Disc herniations can result from general wear and tear, such as constant sitting or squatting, driving, or a sedentary lifestyle. However, herniations can also result from the lifting of heavy loads.[citation needed] Professional athletes, especially those playing contact sports such as American football, are prone to disc herniations as well. Within athletic contexts, herniation is often the result of sudden blunt impacts against, or abrupt bending or torsional movements of, the lower back. When the spine is straight, such as in standing or lying down, internal pressure is equalized on all parts of the discs. While sitting or bending to lift, internal pressure on a disc can move from 17 psi (lying down) to over 300 psi (lifting with a rounded back). Herniation of the contents of the disc into the spinal canal often occurs when the anterior side (stomach side) of the disc is compressed while sitting or bending forward, and the contents (nucleus pulposus) get pressed against the tightly stretched and thinned membrane (anulus fibrosus) on the posterior side (back side) of the disc. The combination of membrane thinning from stretching and increased internal pressure (200 to 300 psi) results in the rupture of the confining membrane. The jelly-like contents of the disc then move into the spinal canal, pressing against the spinal nerves, which may produce intense and potentially disabling pain and other symptoms.
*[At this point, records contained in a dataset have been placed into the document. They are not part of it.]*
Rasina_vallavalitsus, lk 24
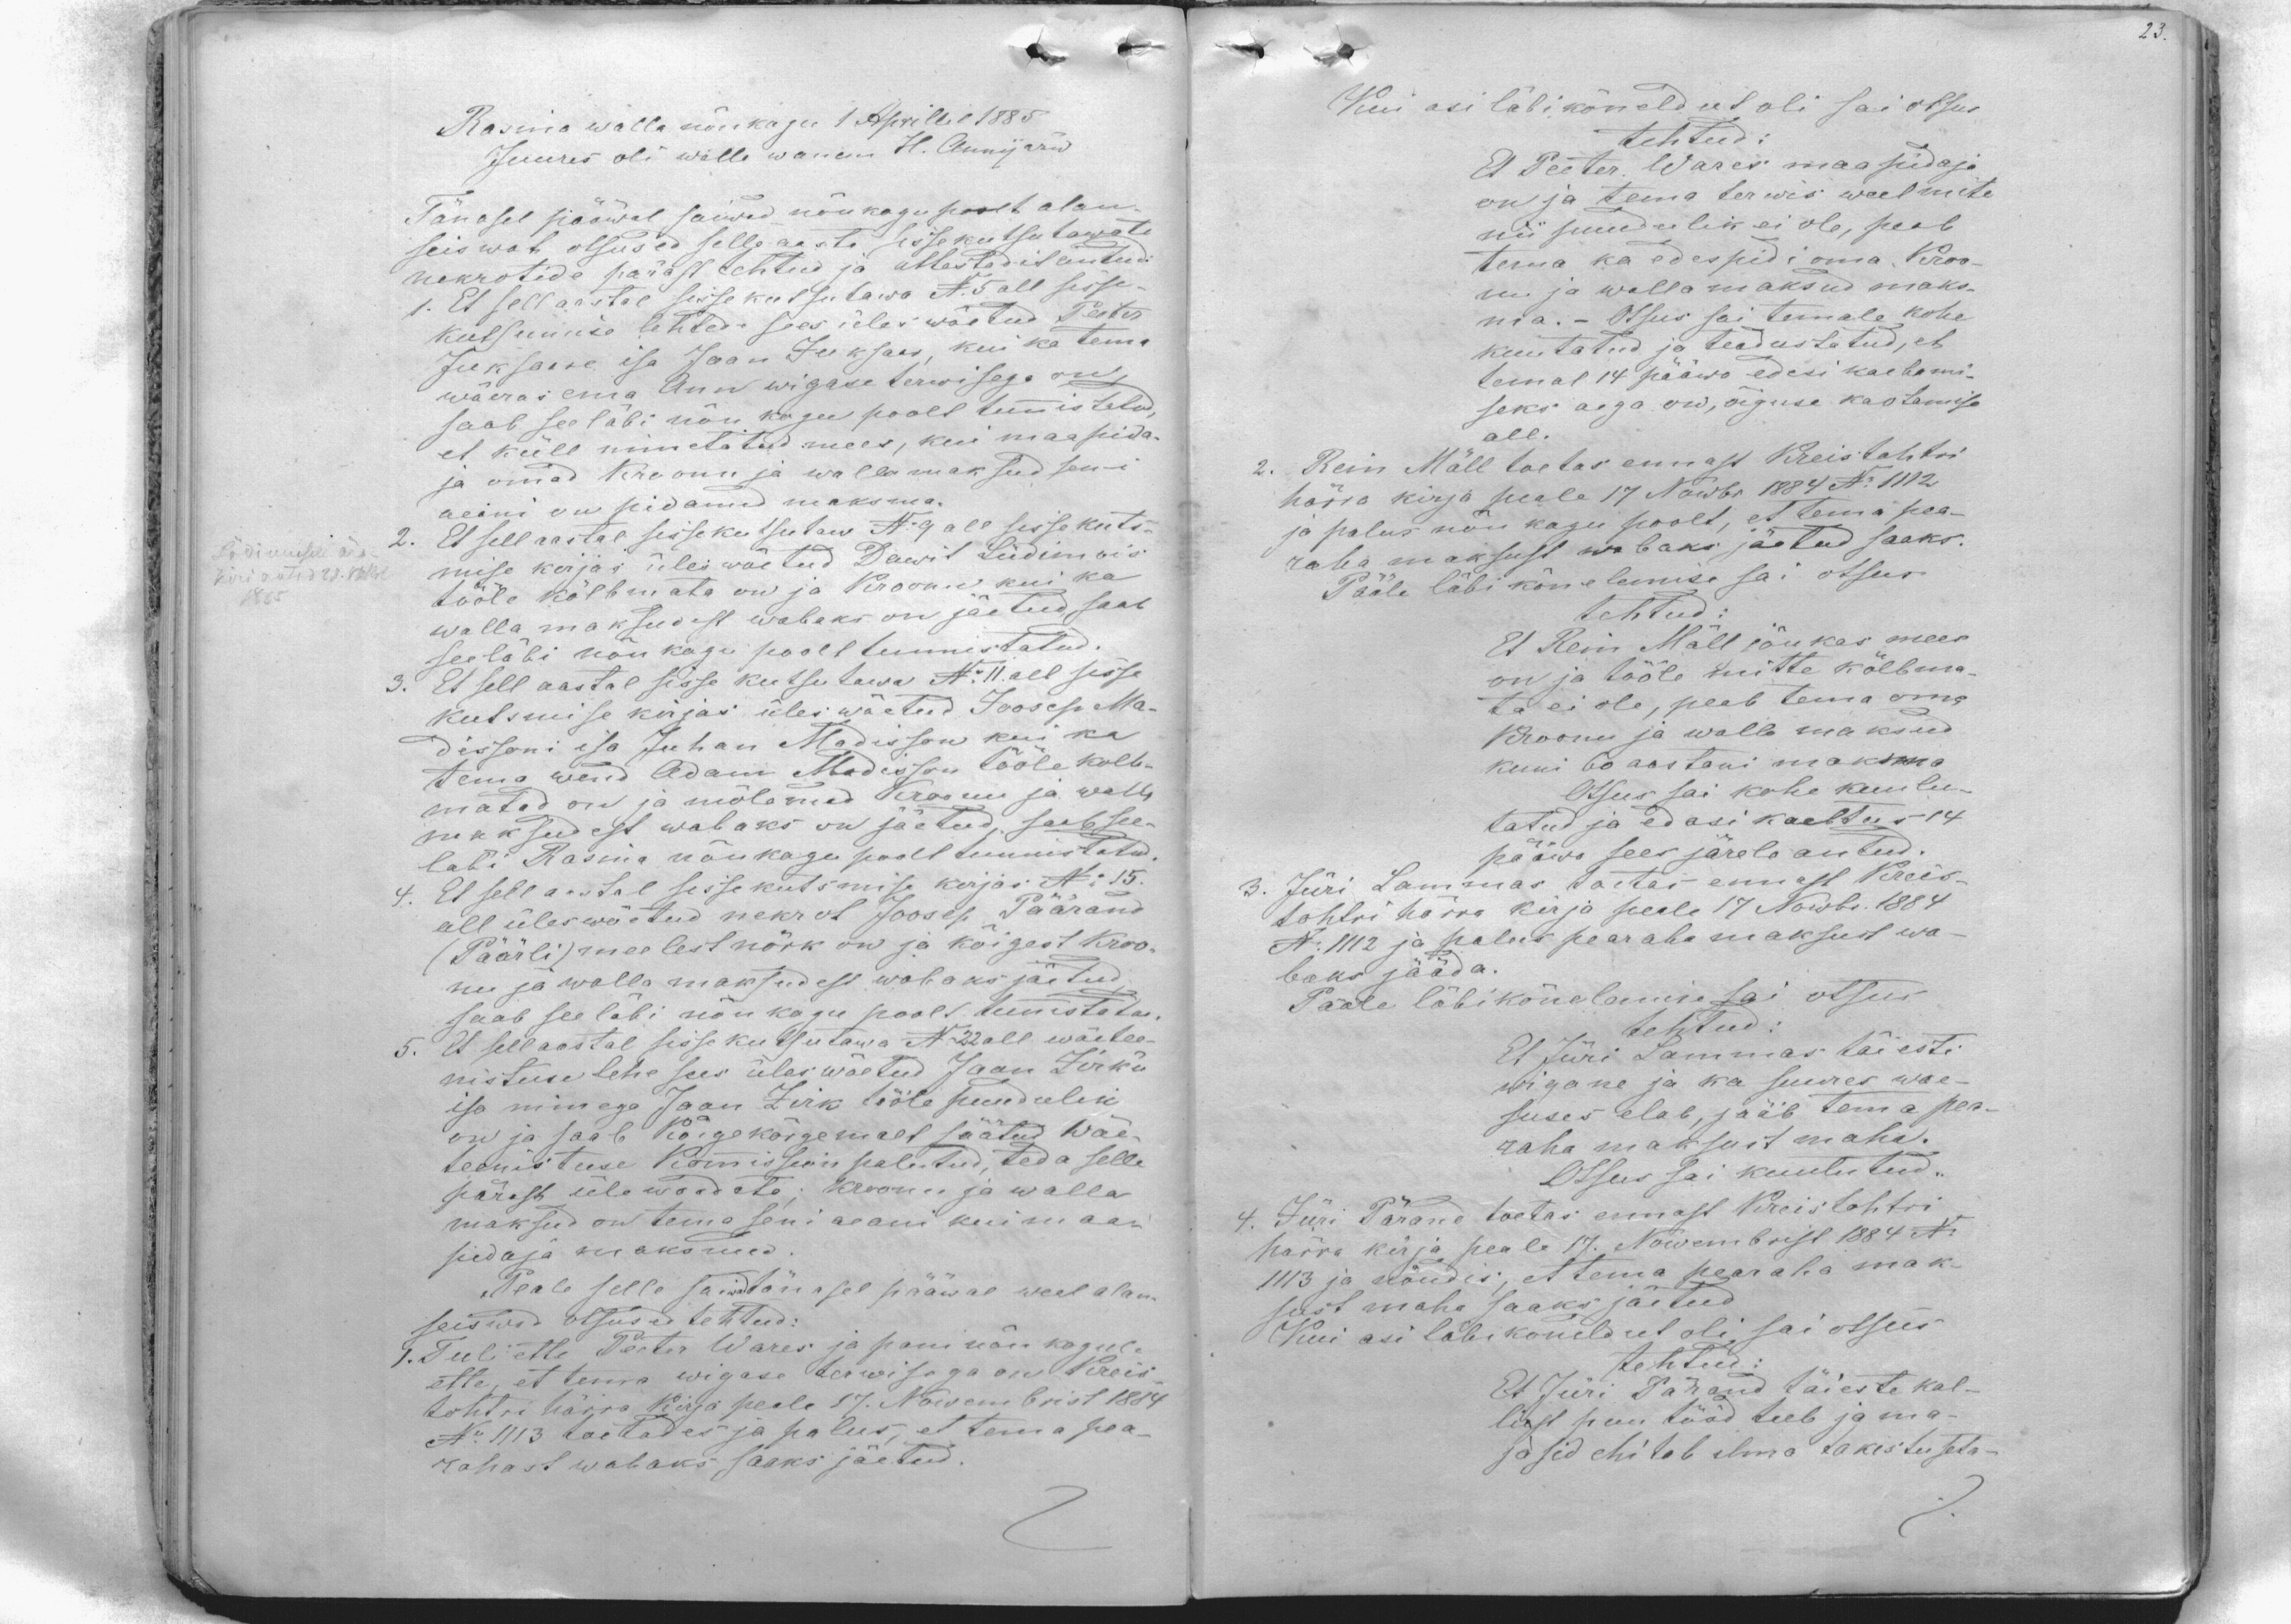
Rasina walla nõukogu 1 Aprillil 1885
Juures oli walla wanem H. Annijärw
Tänasel pääwal saiwad nõukogu poolt alan
seiswat otsused selle aasta sissekutsutawate
nekrotide pärast tehtud ja attestadit antud:
1. Et sell aastal sisse kutsutawa N. 5 all sisse
kutsumise lehtede sees üles wõetud Peeter
Juksaare isa Jaan Juksaar, kui ka tema
wõeras ema Ann wigase terwisega on,
saab seeläbi nõukogu poolt tunnistatud,
et küll nimetatud mees, kui maapida-
ja omad Kroonu ja wallamaksud seni
aeini on pidanud maksma.
2. Et sell aastal sissekutsutaw N. 9 all sissekuts-
mise kirjas üles wõetud Dawit Lüdimois
tööle kõlbmata on ja Kroonu kui ka
walla maksudest wabaks on jäetud, saab
seeläbi nõukogu poolt tunnistatud
3. Et sell aastal sisse kutsutawa N. 11. all sisse
kutsmise kirjas üles wõetud Joosep Ma-
dissoni isa Juhan Madisson kui ka
tema wend Adam Madisson tööle kõlb-
matad on ja mõlemad Kroonu ja walla
maksudest wabaks on jäetud, saab see-
läbi Rasina nõukogu poolt tunnistatud
4. Et sell aastal sisse kutsmise kirjas No 15.
all üleswõetud nekrot Joosep Päärand
(Päärli) meelest nõrk on ja kõigest Kroo-
nu ja walla maksudest wabaks jäetud
saab see läbi nõukogu poolt tunnistatud
5. Et sell aastal sisse kutsutawa N 22 all wäetee-
nistuse lehe sees üles wõetud Jaan Zirk'u
isa nimega Jaan Zirk tööle puudulik
on ja saab Kõigekõrgemalt säätud Wäe-
teenistuse Komission palutud, teda selle
pärast üle waadata; kroonu ja walla
maksud on tema seni aeani kui maa-
pidaja maksnud
Peale selle saiwad tänasel pääwal weel alam-
seiswad otsused tehtud:
1. Tuli ette Peeter Wares ja pani nõukogule
ette, et tema wigase terwisega on Kreis
tohtri kärra kirja peale 17. Nowembrist 1884
No. 1113 toetades ja palus, et tema pea-
rahast wabaks saaks jäetud.

Kui asi läbikõneldut oli sai otsus
tehtud
Et Peeter Wares maapidaja
on ja tema terwis weel mite
nii puudulik ei ole, peab
tema ka edespidi oma Kroo-
nu ja walla maksud maks-
ma. - Otsus sai temale kohe
kuutatud ja teadustatud, et
temal 14 pääwa edesi kaebami-
seks aega on, õiguse kaotamise
all.
2. Rein Mäll toetas ennast Kreistohtri
härra kirja peale 17 Nowbr 1884 No 1112
ja palus nõu kogu poolt, et tema pea-
raha maksust wabaks jäetud saaks.
Pääle läbi kõnelemise sai otsus
tehtud
Et Rein Mäll jõukas mees
on ja tööle mitte kõlbma
ta ei ole, peab tema oma
Kroonu ja walla maksud
kuni 60 aastani maksma
Otsus sai kohe kuulu-
tatud ja edasi kaebtus 14
pääwa sees järele antud.
3. Jüri Lammas toetas ennast Kreis
tohtri härra kirja peale 17 Nowbr. 1884
N. 1112 ja palus pearaha maksust wa-
baks jääda.
Pääle läbikõnelemise sai otsus
tehtud:
El Jüri Lammas täiesti
wigane ja ka suures wae-
suses elab, jääb tema pea-
raha maksust maha.
Otsus sai kuulutud.
4. Jüri Pärand toetas ennast Kreistohtri
härra kirja peale 17. Nowembrist 1884 N.
1113 ja nõudis, et tema pearaha mak-
sust maha saaks jäetud
Kui asi läbikoneldut oli, sai otsus
tehtud
Et Jüri Pärand täieste kal-
list puu tööd teeb ja ma-
jasid ehitab ilma takistuseta -

Several genes are also associated with intervertebral disc degeneration. Probable candidate genes like type I collagen (sp1 site), type IX collagen, vitamin D receptor, aggrecan, asporin, MMP3, interleukin-1, and interleukin-6 polymorphisms have been implicated in disc degeneration. Mutation in genes coding for proteins involved in the regulation of the extracellular matrix, such as MMP2 and THBS2, has been demonstrated to contribute to lumbar disc herniation.